# PROBLEM DESCRIPTION:
Reproduce every record below exactly, with the pictures left out.

[Opening STUDY MATERIAL section]

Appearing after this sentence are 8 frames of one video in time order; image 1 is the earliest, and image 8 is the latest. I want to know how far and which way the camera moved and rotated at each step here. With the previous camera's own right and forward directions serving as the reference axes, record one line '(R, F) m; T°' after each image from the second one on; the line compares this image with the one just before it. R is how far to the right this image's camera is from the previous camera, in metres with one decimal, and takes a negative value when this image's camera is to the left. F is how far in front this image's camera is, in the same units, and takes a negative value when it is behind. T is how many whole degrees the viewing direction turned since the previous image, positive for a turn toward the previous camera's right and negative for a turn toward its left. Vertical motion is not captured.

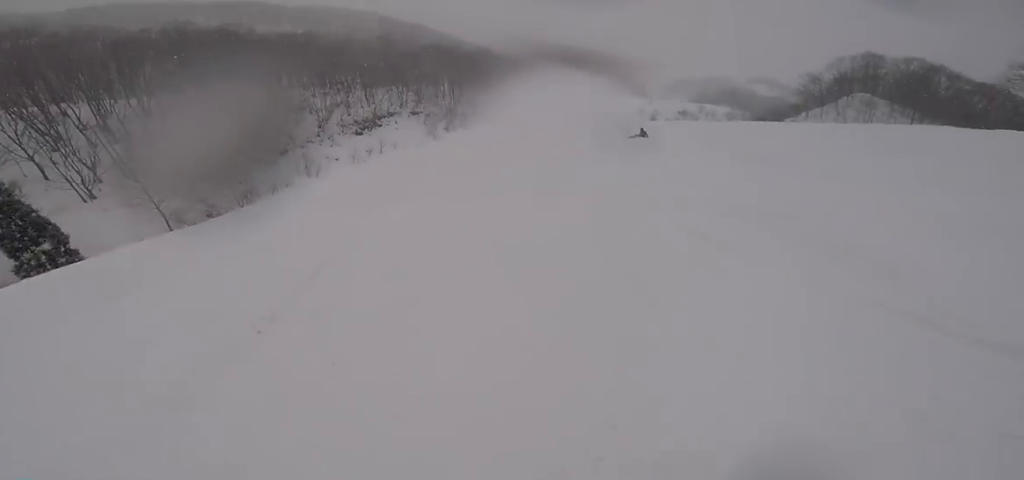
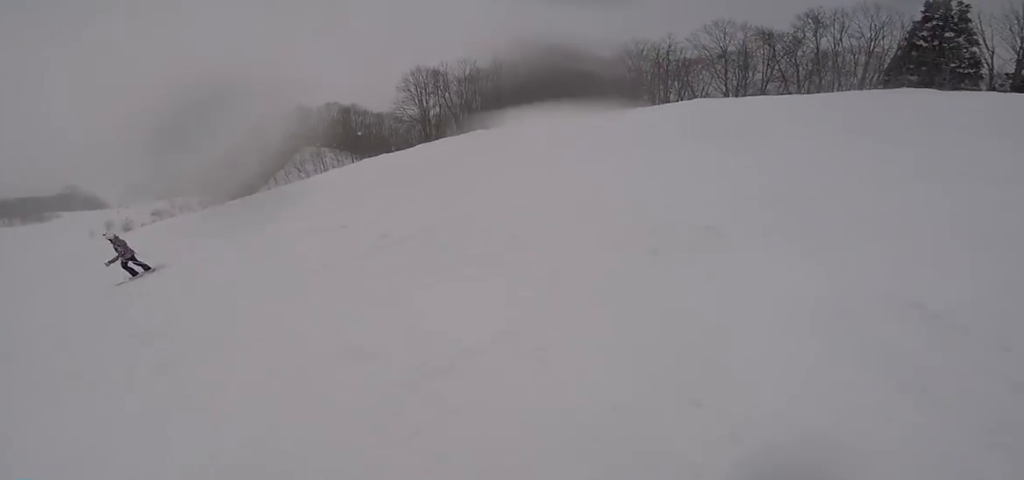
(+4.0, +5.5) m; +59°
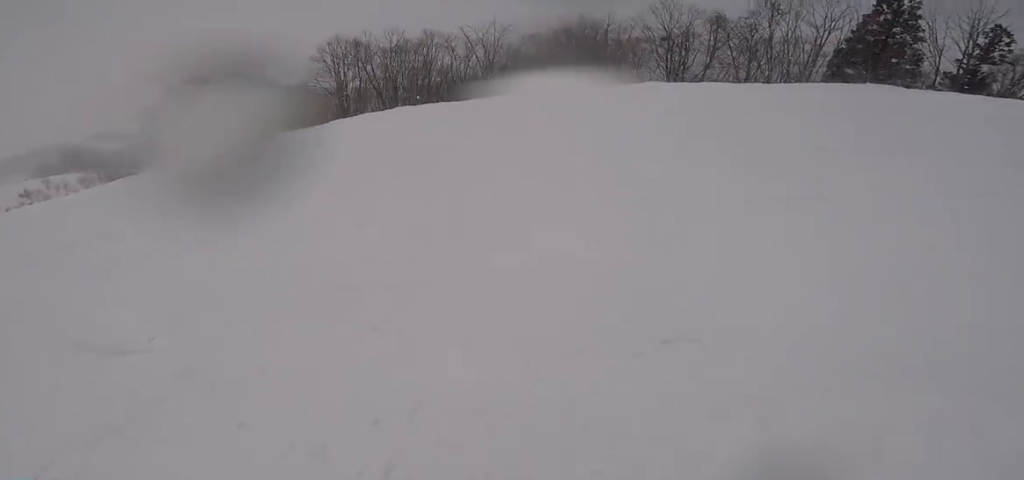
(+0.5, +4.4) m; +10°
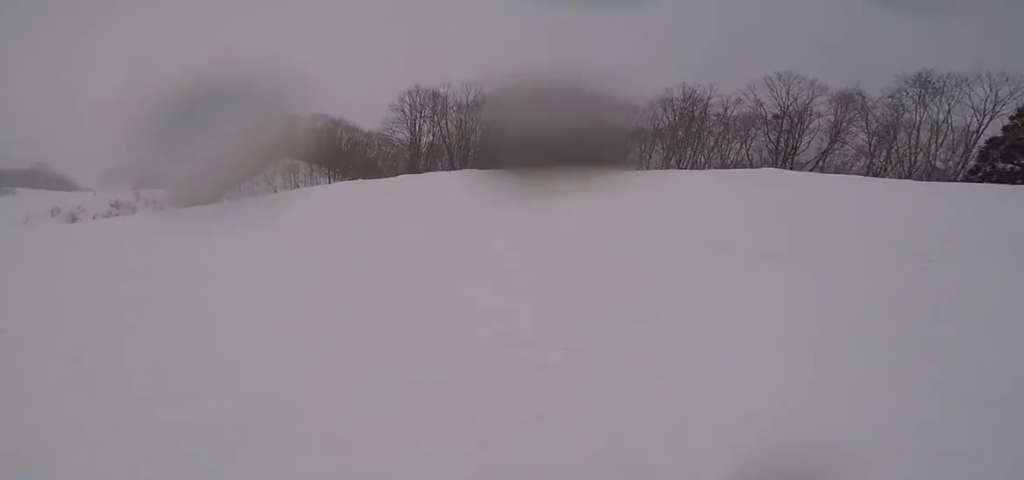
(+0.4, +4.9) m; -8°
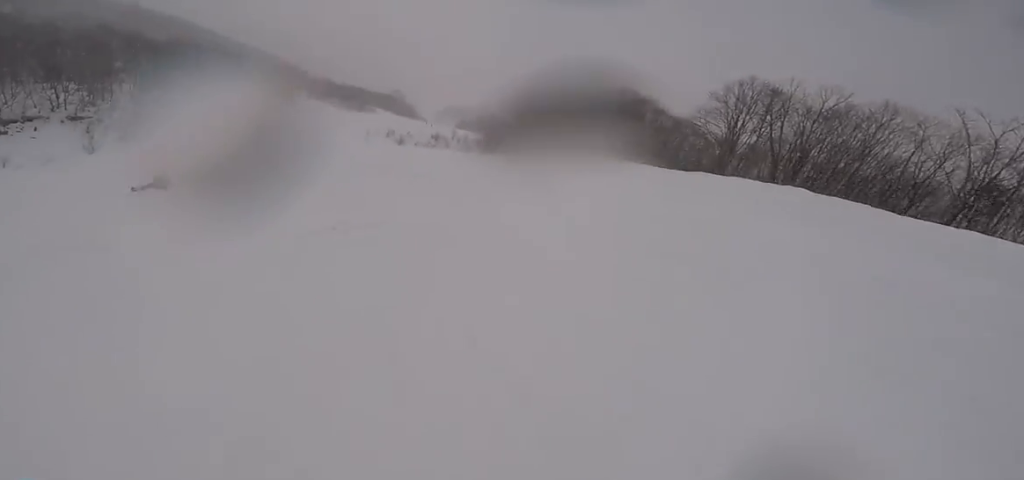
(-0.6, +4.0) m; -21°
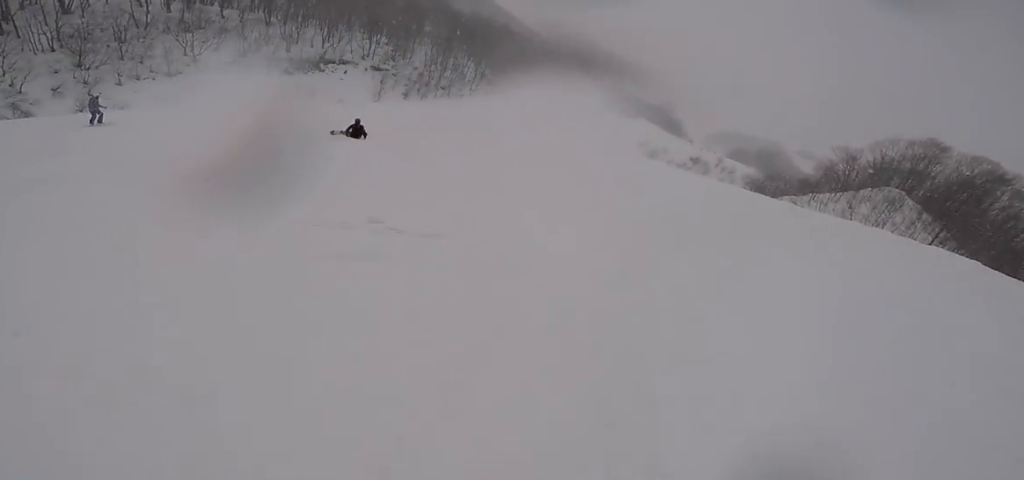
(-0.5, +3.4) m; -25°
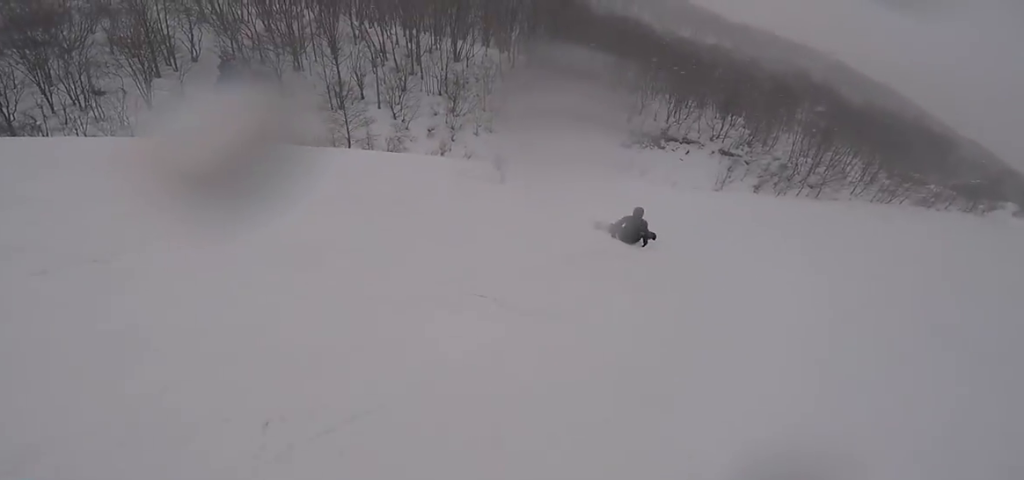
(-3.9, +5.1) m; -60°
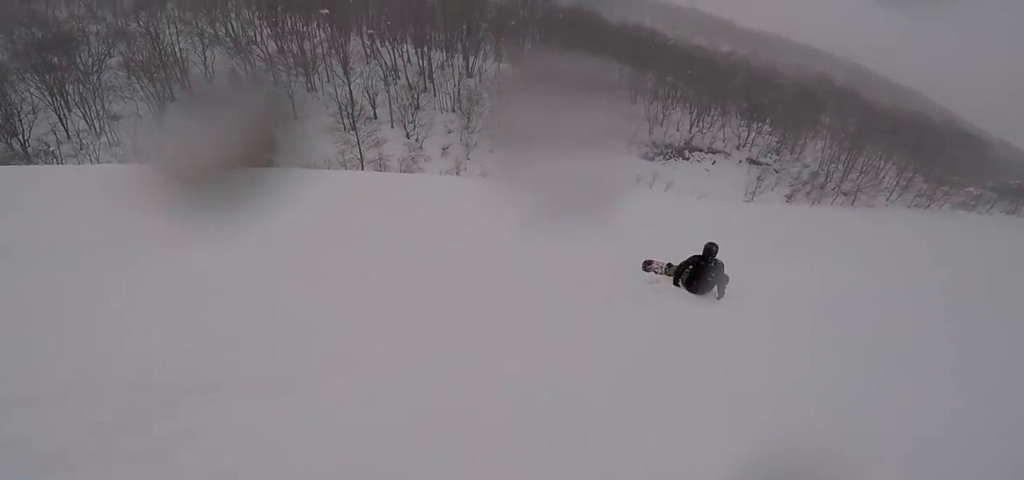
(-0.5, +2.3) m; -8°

[Closing STUDY MATERIAL section]

# SOLUTION TO THIS TASK:
Appearing after this sentence are 8 frames of one video in time order; image 1 is the earliest, and image 8 is the latest. I want to know how far and which way the camera moved and rotated at each step here. With the previous camera's own right and forward directions serving as the reference axes, record one line '(R, F) m; T°' after each image from the second one on; the line compares this image with the one just before it. R is how far to the right this image's camera is from the previous camera, in metres with one decimal, and takes a negative value when this image's camera is to the left. F is how far in front this image's camera is, in the same units, and takes a negative value when it is behind. T is how many whole degrees the viewing direction turned since the previous image, positive for a turn toward the previous camera's right and negative for a turn toward its left. Vertical motion is not captured.

(+4.0, +5.5) m; +59°
(+0.5, +4.4) m; +10°
(+0.4, +4.9) m; -8°
(-0.6, +4.0) m; -21°
(-0.5, +3.4) m; -25°
(-3.9, +5.1) m; -60°
(-0.5, +2.3) m; -8°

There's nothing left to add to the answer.